In our previous study, a combination of ciprofloxacin and cefotaxime showed synergistic effects against nalidixic acid-resistant Salmonella Paratyphi A and B. This combination appears to be more effective than monotherapy and may help reduce the chances that fluoroquinolone-resistant mutants will emerge in patients with severe typhoid fever [16, 17]. In this case, we treated with ciprofloxacin and cefotaxime, and the patient’s clinical features including back pain and ESR level decreased.
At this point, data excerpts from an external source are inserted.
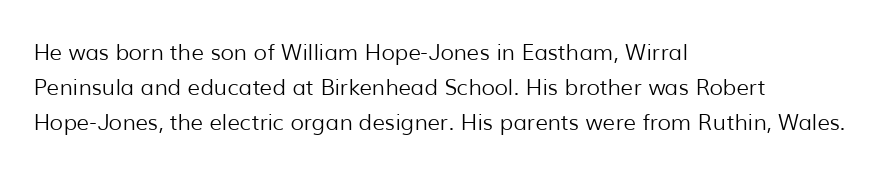
Q: Is the text bold? A: No.
Q: Is the text italic (slanted)? A: No, it is upright.
Q: Is the text underlined? A: No.
Q: How is the paragraph aligned? A: Left-aligned.
Q: Is the spacing between letters normal or unusually wide? A: Normal.
Q: Is the spacing between lines tight, normal or loose? A: Normal.
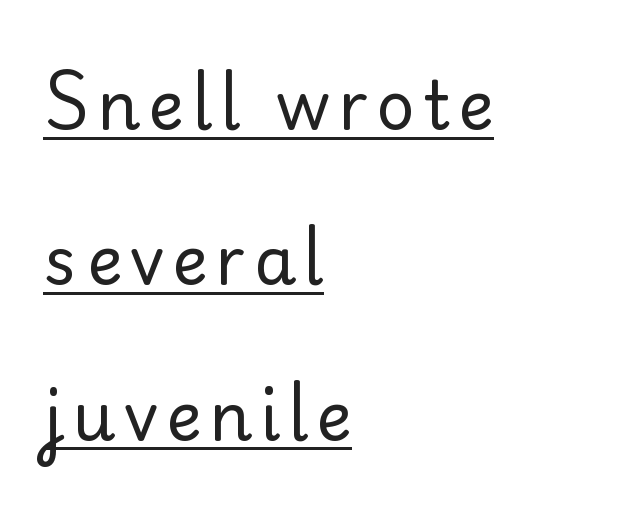
{"serif": "yes", "italic": "no", "bold": "no", "weight": "regular", "width": "normal", "stroke_contrast": "low", "x_height": "small", "monospaced": "no", "underline": "yes", "align": "left", "line_spacing": "loose", "line_spacing_ratio": 2.32, "glyph_px": 67}
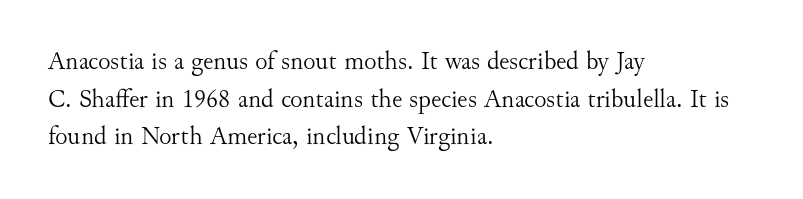
The image shows 26 px text type, upright; set left-aligned, normal line spacing (1.45x), normal letter spacing, not underlined.
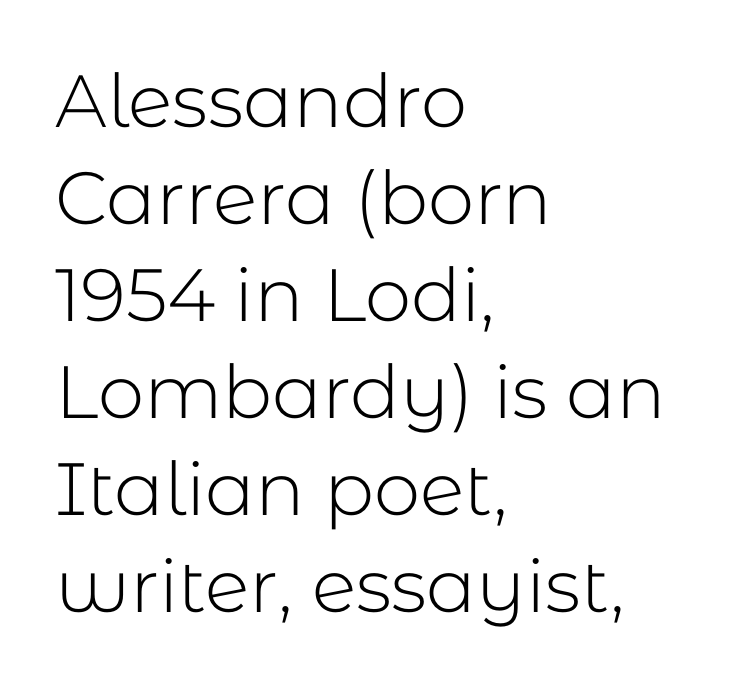
Q: Is the text bold? A: No.
Q: Is the text italic (slanted)? A: No, it is upright.
Q: Is the typeface a serif or a sans-serif typeface? A: Sans-serif.
Q: Is the text underlined? A: No.
Q: How is the paragraph aligned? A: Left-aligned.
Q: Is the spacing between letters normal or unusually wide? A: Normal.
Q: Is the spacing between lines tight, normal or loose? A: Normal.
Q: Width (condensed, normal, or wide)? A: Normal.
Q: Stroke contrast? A: Low.
Q: x-height? A: Medium.
Q: Monospaced? A: No.

Olaquindox-resistant isolates were found to contain the gene combination oqxAB, which encodes an RND family efflux pump, confers resistance to olaquindox quinolones and chloramphenicol, and reduces susceptibility to other antibiotics [18]. OqxAB, a plasmid-mediated RND efflux pump conferring resistance to multiple antibiotics, was found in Salmonella isolates recovered from food samples. The overall OqxAB-positive rate of Salmonella typhimurium strains was 29% (159 out of 546 isolates), and the yearly rates were 0, 13, 26, 32, 36, 39, and 42% during the years 2005 to 2011, respectively. OqxAB was also found to be associated with multidrug resistance in S. typhimurium isolates from Hong Kong and from the Infectious Disease Prevention and Control, National Institute for Communicable Disease Control and Prevention (ICDC), Chinese Center for Disease Control and Prevention, Beijing, China. Among the S.typhimurium isolates of the OqxAB-positive group, 94% (Hong Kong) and 98% (ICDC) were resistant to ciprofloxacin (MIC = 2 mg/L); the corresponding resistance rate in the OqxAB-negative S. typhimurium isolates from Hong Kong and ICDC was only 11% [19].
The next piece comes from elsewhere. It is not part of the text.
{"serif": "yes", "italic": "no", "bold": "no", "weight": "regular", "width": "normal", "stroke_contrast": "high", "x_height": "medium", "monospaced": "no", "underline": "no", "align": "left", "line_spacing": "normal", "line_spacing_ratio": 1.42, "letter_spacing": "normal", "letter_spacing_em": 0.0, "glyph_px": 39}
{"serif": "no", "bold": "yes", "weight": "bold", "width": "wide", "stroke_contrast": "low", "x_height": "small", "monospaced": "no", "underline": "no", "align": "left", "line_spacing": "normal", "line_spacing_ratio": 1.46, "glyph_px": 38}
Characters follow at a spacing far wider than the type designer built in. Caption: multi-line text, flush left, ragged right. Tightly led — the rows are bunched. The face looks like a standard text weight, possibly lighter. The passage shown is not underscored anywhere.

Our NGS study showed that expression of multiple RND family efflux pumps such as MdsC, CRP, and SdiA, which may be related to quinolone resistance, may have been responsible for the failure of ceftriaxone treatment (Table 2). The upregulation of endogenous SdeXY-HasF-mediated efflux has been reported to be associated with tigecycline resistance in Serratia marcescens, along with increases in MIC for tetracycline, ciprofloxacin, and cefpirome [20]. The overexpression of the BmeB efflux pump has also been reported to cause low-to-intermediate-level clinically relevant fluoroquinolone resistance and can be coupled with GyrA substitutions to cause high-level fluoroquinolone resistance. Finally, it also contributes to high-level clinically relevant resistance to beta-lactams [21]. Our case also showed that both the amino acid substitution GyrA S83F and the expression of multiple RND family efflux pumps led to high-level resistance to quinolone. No resistance genes in Salmonella Paratyphi A related to ceftriaxone, such as CTX-M, CMY-2, or other extended-spectrum beta-lactamases were identified using NGS. However, there was no response or even progression to vertebral osteomyelitis to treatment with third-generation cephalosporins after 18 days of the initial treatment. The GyrA S83F substitution and the expression of multiple RND family efflux pumps may have contributed to the failure of treatment with ceftriaxone, even though the MIC of the isolate to ceftriaxone was less than 1. In our case, there was a possibility that the early onset of metastatic spondylitis accounted for the failure of treatment with a third-generation cephalosporin because the treatment duration was not long enough. However, further studies on RND antibiotic efflux pumps are necessary to truly identify it as the cause of third-generation cephalosporin treatment failure.
In conclusion, this case involved a Salmonella Paratyphi A infection accompanied by spondylitis. To our knowledge, this is the first report to elucidate the mechanism underlying antimicrobial resistance using NGS.